### Excerpted records:
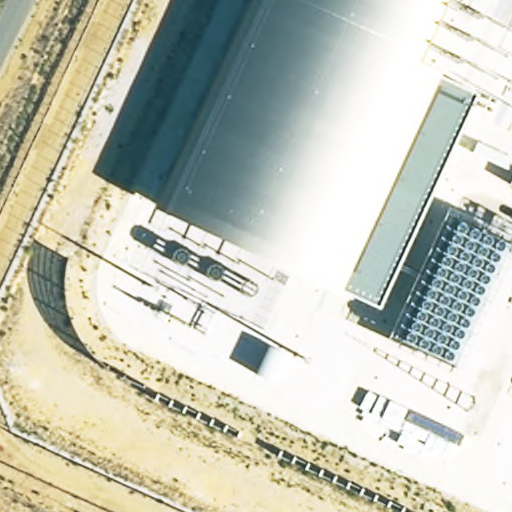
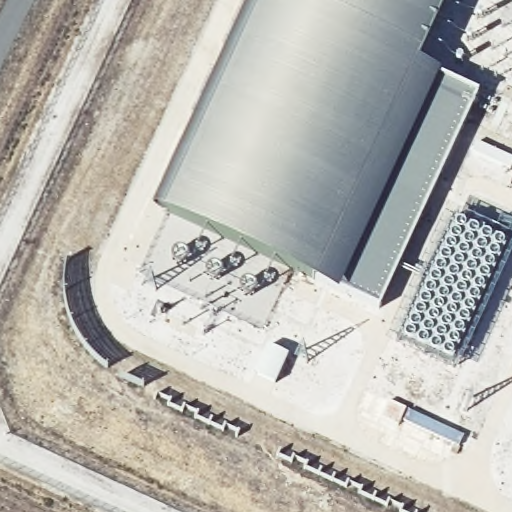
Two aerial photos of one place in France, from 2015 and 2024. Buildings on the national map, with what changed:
unchanged [(164,213),(261,0),(446,0),(417,63),(442,74),(440,77),(478,94),(380,311),(164,213)]

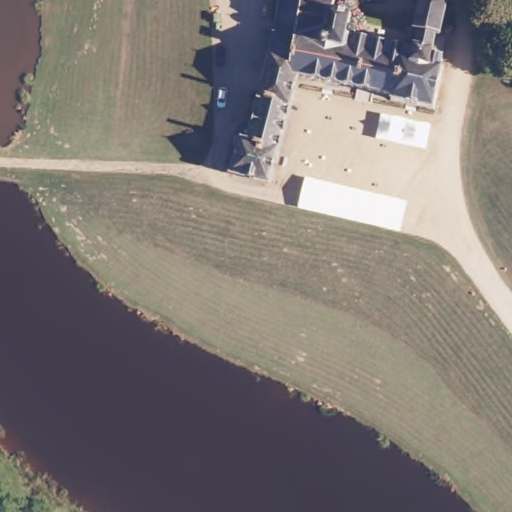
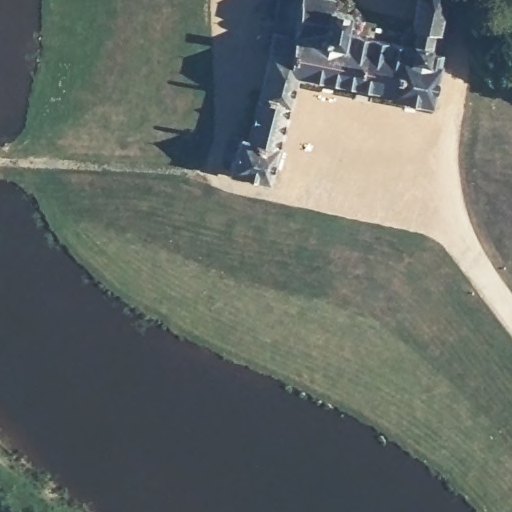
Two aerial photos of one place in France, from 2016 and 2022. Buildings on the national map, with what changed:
unchanged [(231,130),(244,132),(264,57),(265,47),(272,0),(328,0),(328,5),(346,7),(344,18),(351,29),(409,42),(412,27),(430,32),(428,50),(434,52),(436,61),(438,61),(432,105),(383,96),(383,91),(295,74),(264,182),(219,166),(230,149),(231,130)]
unchanged [(414,0),(440,0),(436,32),(430,32),(412,27),(410,23),(414,0)]

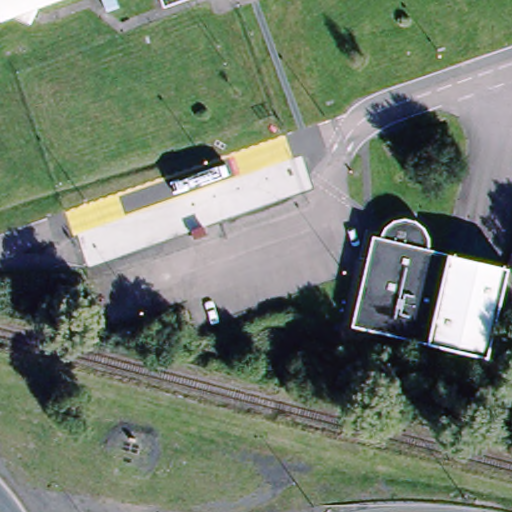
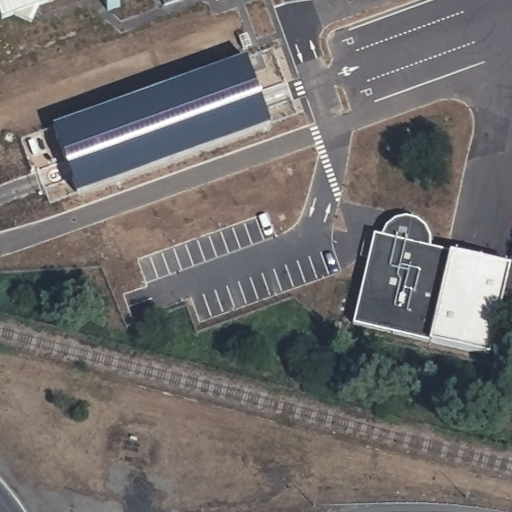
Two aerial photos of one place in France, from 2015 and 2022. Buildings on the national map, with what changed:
unchanged [(3,16),(0,8),(0,0),(47,0),(3,16)]
unchanged [(107,0),(115,0),(108,2),(107,0)]
unchanged [(166,2),(165,0),(172,0),(166,2)]
new [(248,56),(272,124),(76,190),(52,124),(248,56)]
unchanged [(432,234),(431,244),(512,263),(512,265),(491,352),(355,320),(377,231),(384,233),(390,219),(407,213),(419,216),(428,223),(432,234)]

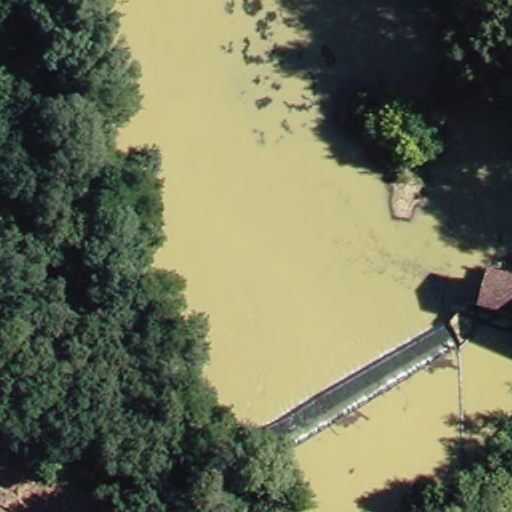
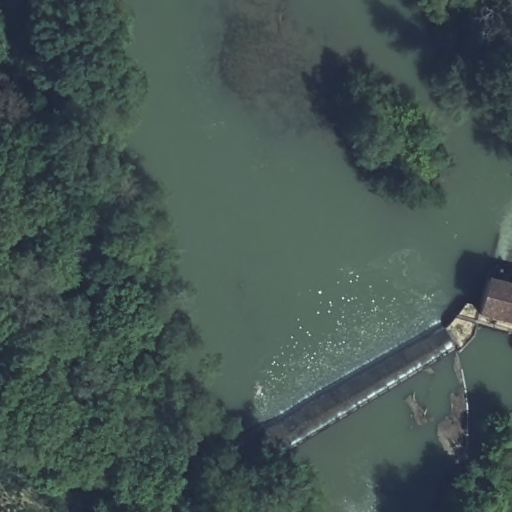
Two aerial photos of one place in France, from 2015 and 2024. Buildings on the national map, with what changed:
unchanged [(506,280),(512,282),(512,324),(494,318),(506,280)]

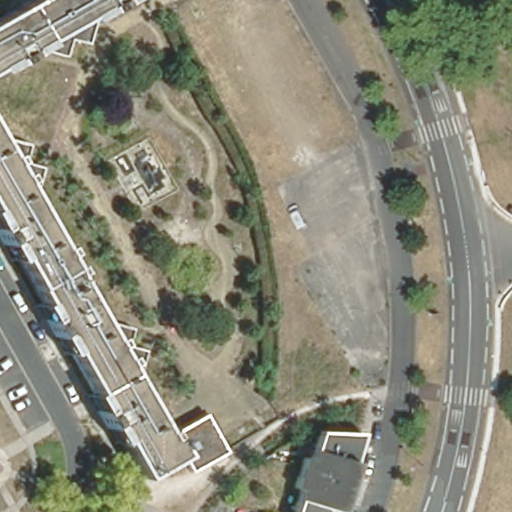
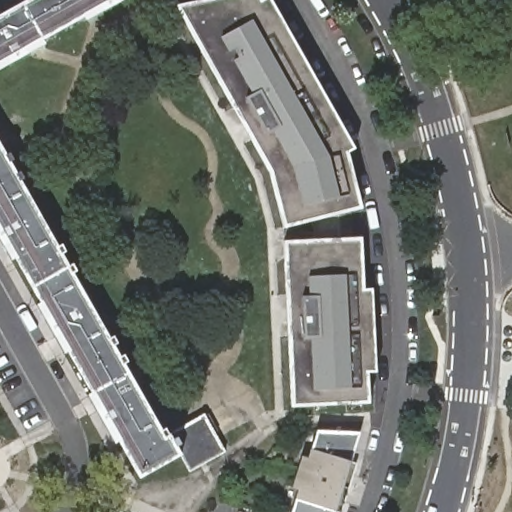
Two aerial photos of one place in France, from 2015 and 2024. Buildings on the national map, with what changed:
unchanged [(119,0),(0,68),(0,19),(33,0),(119,0)]
new [(272,0),(355,149),(348,153),(362,209),(284,227),(271,174),(175,5),(199,0),(272,0)]
unchanged [(201,420),(206,429),(211,427),(215,435),(211,437),(221,456),(186,476),(176,459),(136,481),(0,242),(0,155),(161,441),(201,420)]
new [(360,238),(363,289),(371,289),(376,372),(368,373),(370,404),(292,407),(285,242),(360,238)]
unchanged [(296,493),(290,492),(299,466),(302,459),(308,459),(316,436),(322,436),(361,437),(346,477),(339,496),(337,500),(333,512),(291,512),(296,493)]

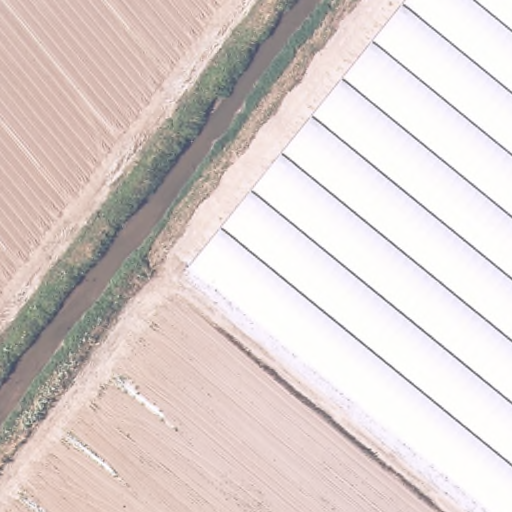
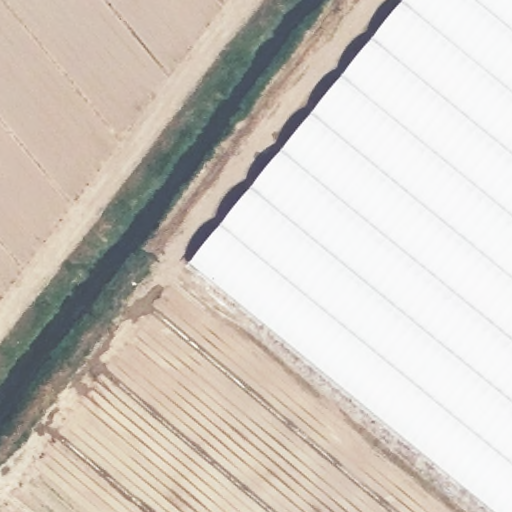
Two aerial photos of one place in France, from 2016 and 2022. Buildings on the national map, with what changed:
unchanged [(406,0),(512,0),(512,512),(493,512),(191,265),(406,0)]

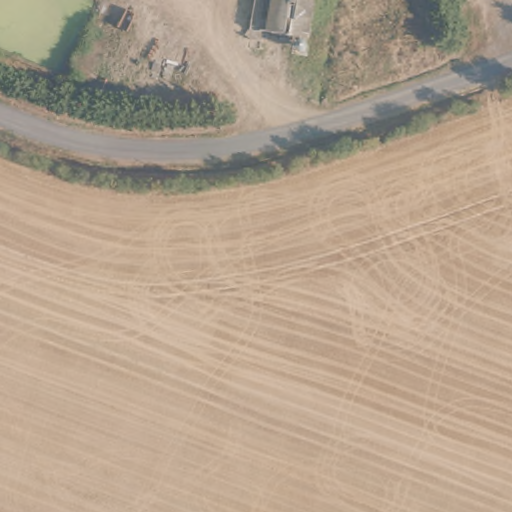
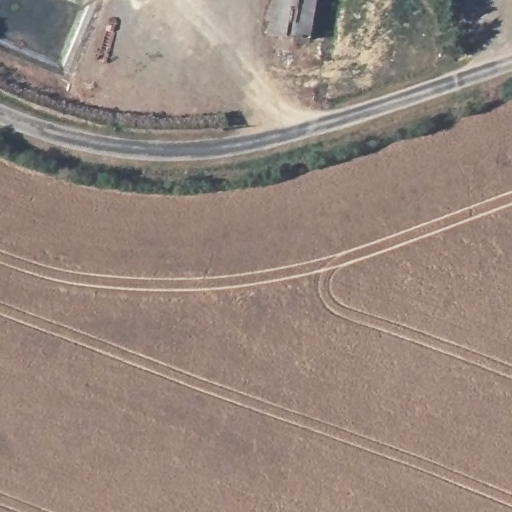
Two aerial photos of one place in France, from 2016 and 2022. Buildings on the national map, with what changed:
unchanged [(304,40),(262,32),(268,0),(311,0),(304,40)]

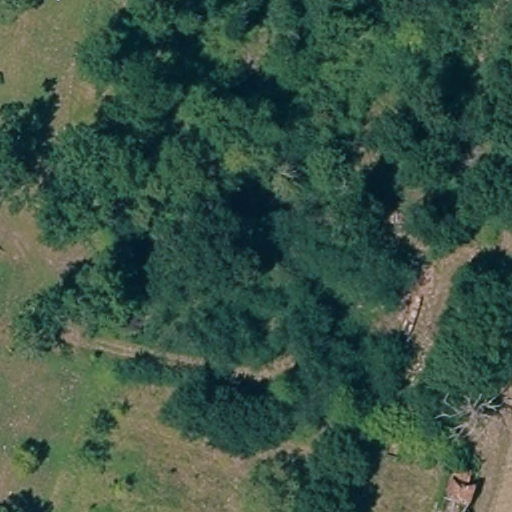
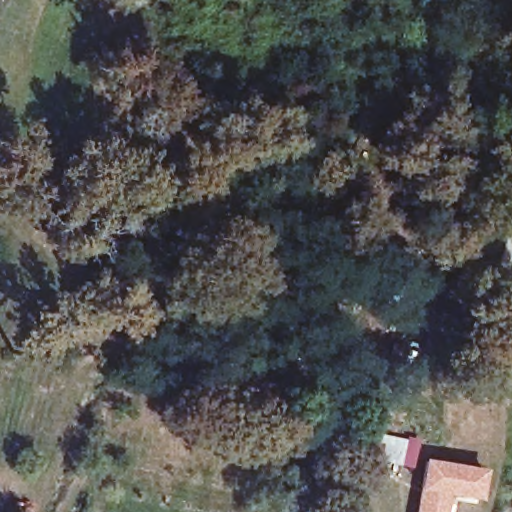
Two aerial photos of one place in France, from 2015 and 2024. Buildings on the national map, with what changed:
new [(427,462),(482,472),(477,504),(457,501),(456,512),(418,512),(427,462)]
demolished [(471,497),(467,512),(439,512),(446,490),(471,497)]

### Problem:
When you copy the entries, keep every word exactly as it stands and drop any pictures.

### Answer to this task:
Two aerial photos of one place in France, from 2015 and 2024. Buildings on the national map, with what changed:
unchanged [(164,213),(261,0),(446,0),(417,63),(442,74),(440,77),(478,94),(380,311),(164,213)]

Two aerial photos of one place in France, from 2016 and 2022. Buildings on the national map, with what changed:
unchanged [(231,130),(244,132),(264,57),(265,47),(272,0),(328,0),(328,5),(346,7),(344,18),(351,29),(409,42),(412,27),(430,32),(428,50),(434,52),(436,61),(438,61),(432,105),(383,96),(383,91),(295,74),(264,182),(219,166),(230,149),(231,130)]
unchanged [(414,0),(440,0),(436,32),(430,32),(412,27),(410,23),(414,0)]

Two aerial photos of one place in France, from 2015 and 2022. Buildings on the national map, with what changed:
unchanged [(3,16),(0,8),(0,0),(47,0),(3,16)]
unchanged [(107,0),(115,0),(108,2),(107,0)]
unchanged [(166,2),(165,0),(172,0),(166,2)]
new [(248,56),(272,124),(76,190),(52,124),(248,56)]
unchanged [(432,234),(431,244),(512,263),(512,265),(491,352),(355,320),(377,231),(384,233),(390,219),(407,213),(419,216),(428,223),(432,234)]

Two aerial photos of one place in France, from 2015 and 2024. Buildings on the national map, with what changed:
unchanged [(506,280),(512,282),(512,324),(494,318),(506,280)]

Two aerial photos of one place in France, from 2015 and 2024. Buildings on the national map, with what changed:
unchanged [(119,0),(0,68),(0,19),(33,0),(119,0)]
new [(272,0),(355,149),(348,153),(362,209),(284,227),(271,174),(175,5),(199,0),(272,0)]
unchanged [(201,420),(206,429),(211,427),(215,435),(211,437),(221,456),(186,476),(176,459),(136,481),(0,242),(0,155),(161,441),(201,420)]
new [(360,238),(363,289),(371,289),(376,372),(368,373),(370,404),(292,407),(285,242),(360,238)]
unchanged [(296,493),(290,492),(299,466),(302,459),(308,459),(316,436),(322,436),(361,437),(346,477),(339,496),(337,500),(333,512),(291,512),(296,493)]

Two aerial photos of one place in France, from 2016 and 2022. Buildings on the national map, with what changed:
unchanged [(406,0),(512,0),(512,512),(493,512),(191,265),(406,0)]

Two aerial photos of one place in France, from 2016 and 2022. Buildings on the national map, with what changed:
unchanged [(304,40),(262,32),(268,0),(311,0),(304,40)]

Two aerial photos of one place in France, from 2015 and 2024. Buildings on the national map, with what changed:
new [(427,462),(482,472),(477,504),(457,501),(456,512),(418,512),(427,462)]
demolished [(471,497),(467,512),(439,512),(446,490),(471,497)]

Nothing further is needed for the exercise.